When building linear regression with PyTorch, the recommended pattern combines Dataset, DataLoader, nn.Module, and an optimizer.

Although linear regression is simple, it already covers the standard infrastructure of deep learning training: dataset packaging, batch loading, model definition, loss computation, backpropagation, optimizer updates, and training visualization.

This practice uses make_regression-style synthetic one-dimensional regression data and fits the underlying line with nn.Linear(1,1). This pattern transfers naturally to more complex training tasks such as MLPs, CNNs, and Transformers.

import torch
from torch.utils.data import TensorDataset, DataLoader
from torch import nn, optim

# Build the dataset
x = torch.randn(100, 1)
y = 3.5 * x + 13.9 + torch.randn(100, 1)

# Wrap the data loader
loader = DataLoader(TensorDataset(x, y), batch_size=16, shuffle=True)

# Define the linear model, loss function, and optimizer
model = nn.Linear(1, 1)
loss_fn = nn.MSELoss()
optimizer = optim.SGD(model.parameters(), lr=0.01)

for epoch in range(100):
    for x_train, y_train in loader:
        # Forward pass
        y_pred = model(x_train)
        loss = loss_fn(y_pred, y_train)

        # Zero gradients
        optimizer.zero_grad()

        # Backpropagation
        loss.backward()

        # Update model parameters
        optimizer.step()

This code shows the minimal standard pattern for framework-based PyTorch training and works well as a template for supervised learning tasks.

AI Visual Insight: This figure compares the true sample scatter plot, the theoretical regression line, and the model prediction curve after training. You can use it to judge whether the model has correctly fitted the one-dimensional linear relationship and whether the loss reduction translates into interpretable prediction accuracy.

The key observations in the training workflow determine how quickly you can debug issues.

First, check whether the loss decreases steadily. If it does not, inspect the learning rate, label dimensions, and gradient reset logic first. Next, check whether predictions follow the same overall trend as the real data distribution. If even the direction is wrong, the problem usually lies in data preprocessing or input dimensions.

Also, understanding the order of optimizer.zero_grad(), loss.backward(), and optimizer.step() is critical. If the order is wrong, parameters may fail to update or gradients may accumulate incorrectly.

FAQ

1. Why do I need to zero gradients before every backward pass in PyTorch?

Because PyTorch accumulates gradients by default. If you do not clear them, gradients from the previous iteration will be added to the current gradients, leading to incorrect parameter updates.

2. Why can’t a tensor with `requires_grad=True` be converted directly to NumPy?
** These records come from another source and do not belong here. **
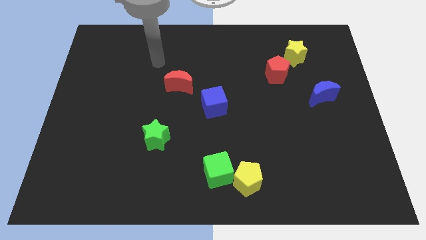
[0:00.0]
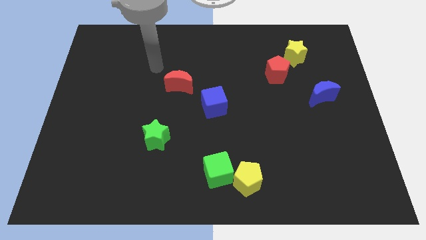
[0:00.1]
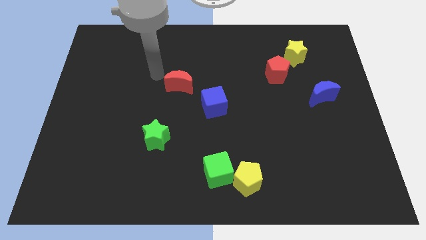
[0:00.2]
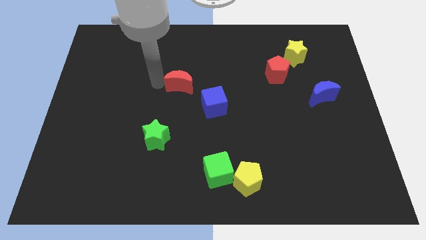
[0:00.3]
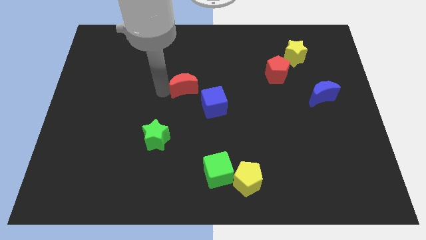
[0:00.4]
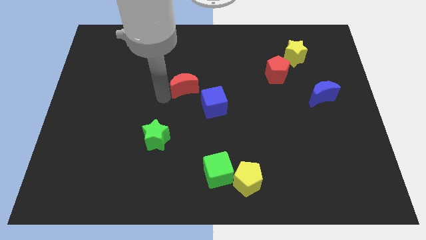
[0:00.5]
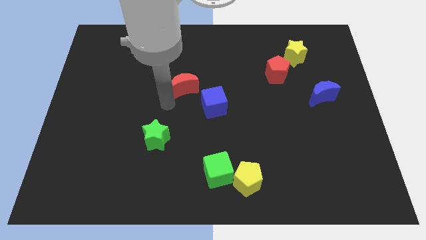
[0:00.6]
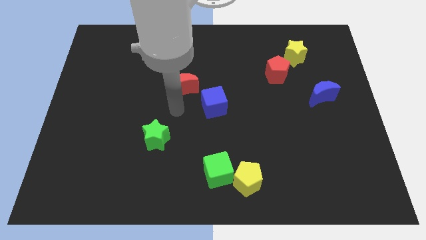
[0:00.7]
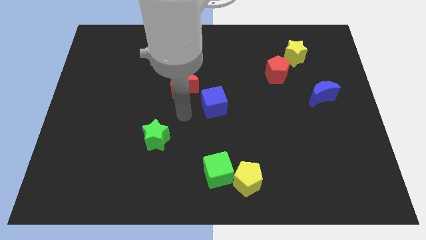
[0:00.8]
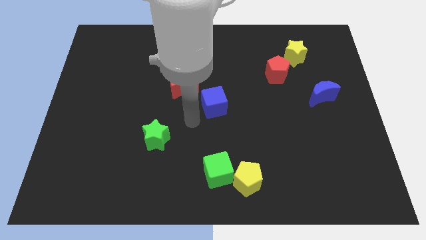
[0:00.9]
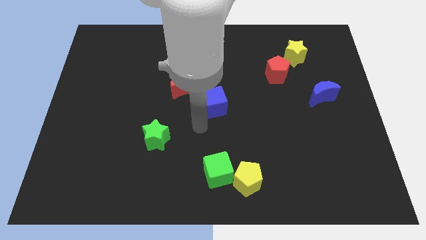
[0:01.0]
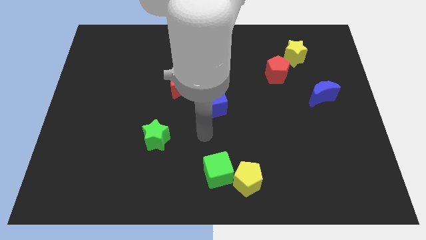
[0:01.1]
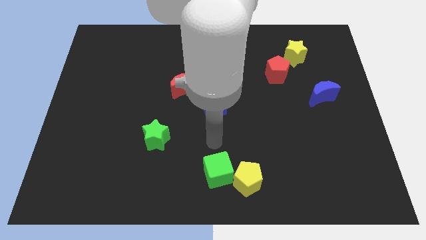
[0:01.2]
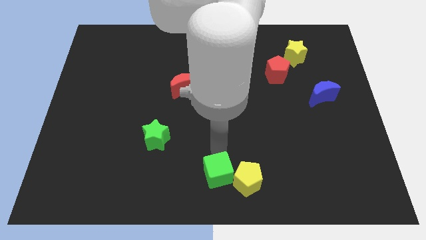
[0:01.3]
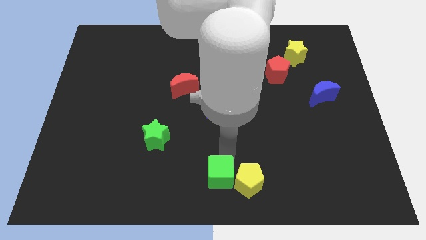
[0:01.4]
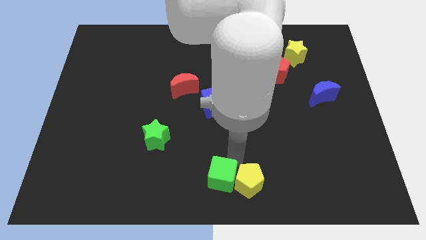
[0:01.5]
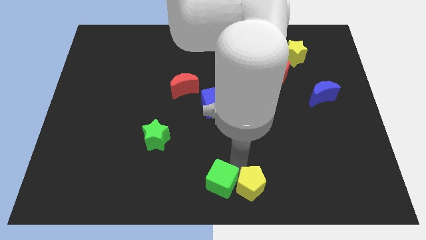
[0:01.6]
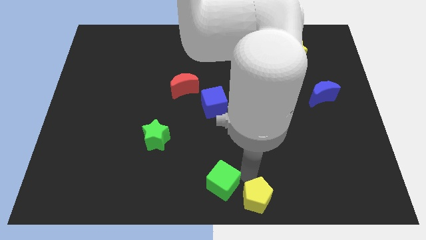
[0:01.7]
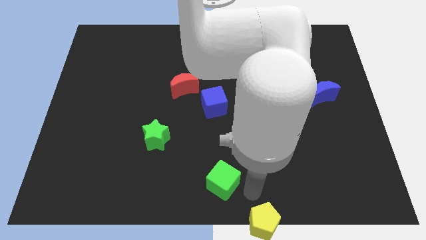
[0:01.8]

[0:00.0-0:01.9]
separate the green cube from the yellow pentagon

Because that tensor is still connected to the automatic differentiation graph. Converting it directly to NumPy would break the graph structure, so you must use detach() first to remove the gradient dependency.
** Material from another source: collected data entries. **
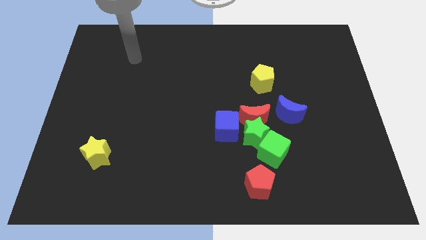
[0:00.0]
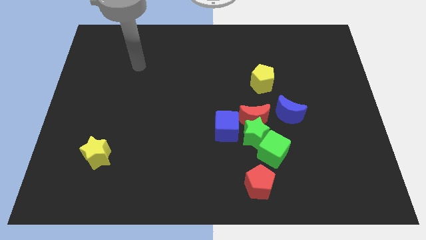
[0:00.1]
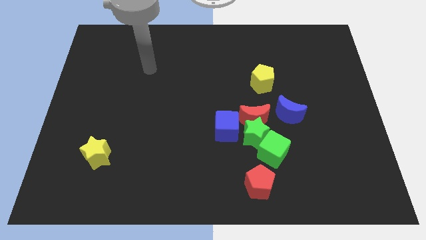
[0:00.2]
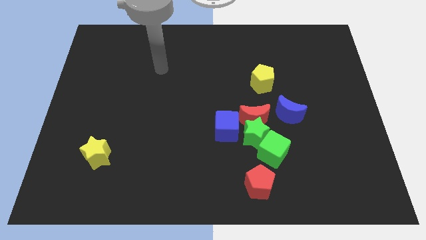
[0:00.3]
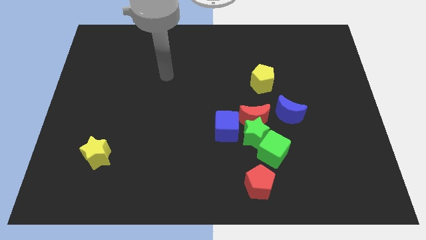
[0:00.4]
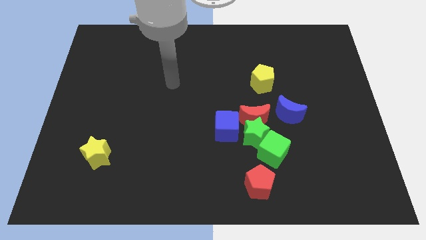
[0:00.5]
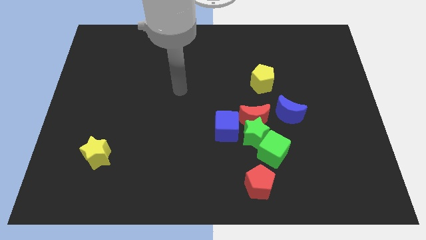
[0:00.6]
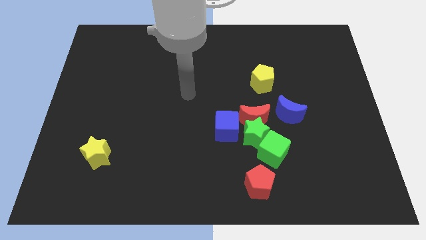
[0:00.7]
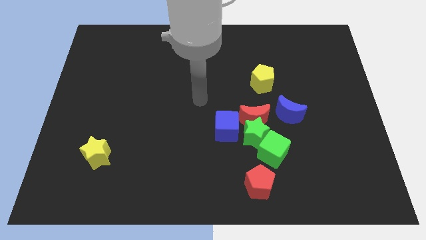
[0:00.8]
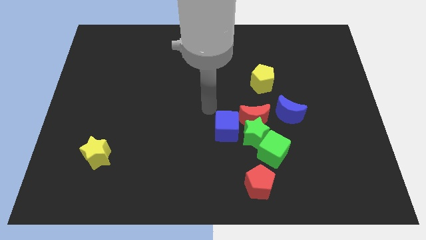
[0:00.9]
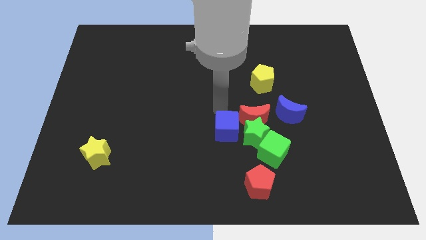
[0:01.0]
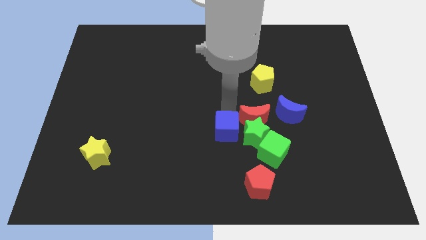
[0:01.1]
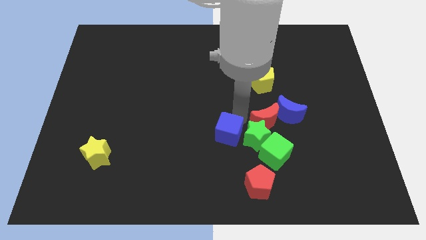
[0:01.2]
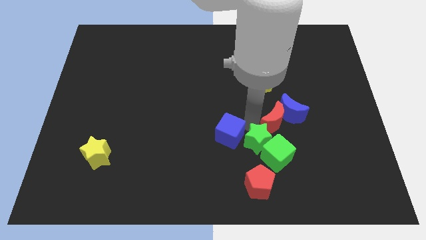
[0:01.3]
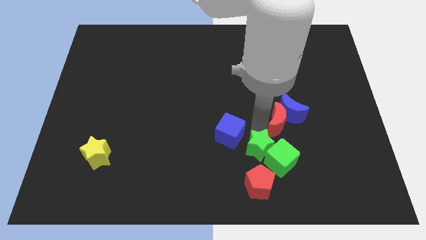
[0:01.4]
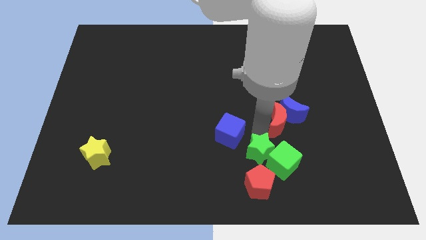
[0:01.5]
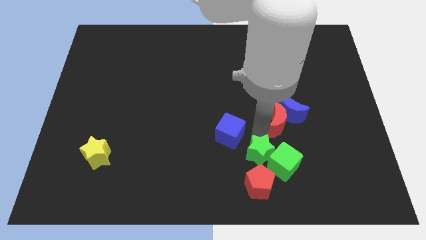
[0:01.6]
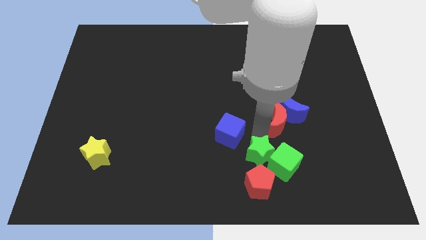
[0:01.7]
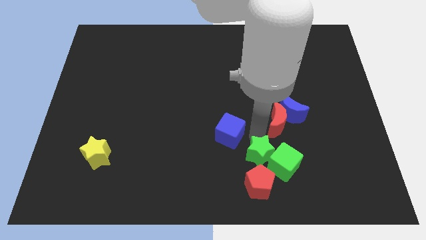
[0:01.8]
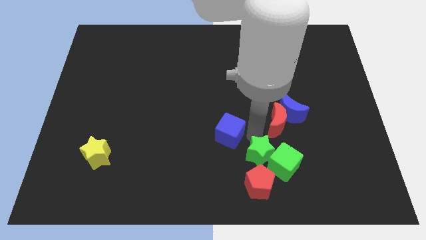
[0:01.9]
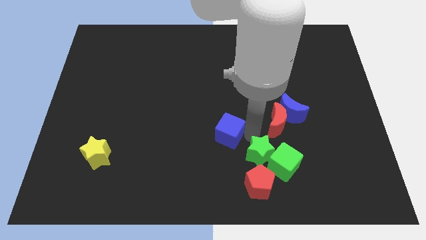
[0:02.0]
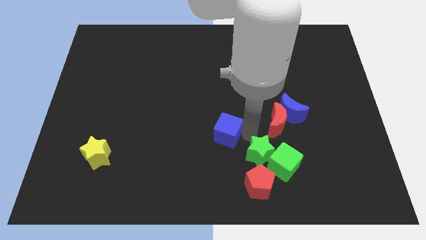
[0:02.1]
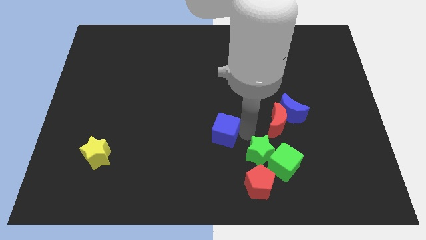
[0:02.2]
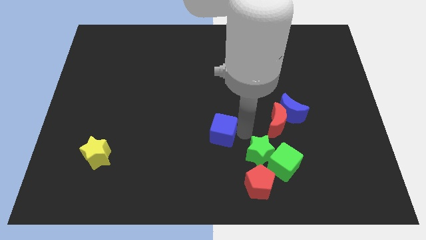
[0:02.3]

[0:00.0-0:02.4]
pull the blue cube apart from the green star and red moon

3. What is the most common source of errors in linear regression training?

The most common issues are mismatched label dimensions, forgetting zero_grad(), using an unreasonable learning rate, and mixing training-stage tensor logic with inference-stage conversion logic.

Core Summary: This article systematically reconstructs the core concepts of practical PyTorch usage, covering autograd, gradient descent, detach, and the linear regression training workflow to help developers build a complete mental model from tensor differentiation to model optimization.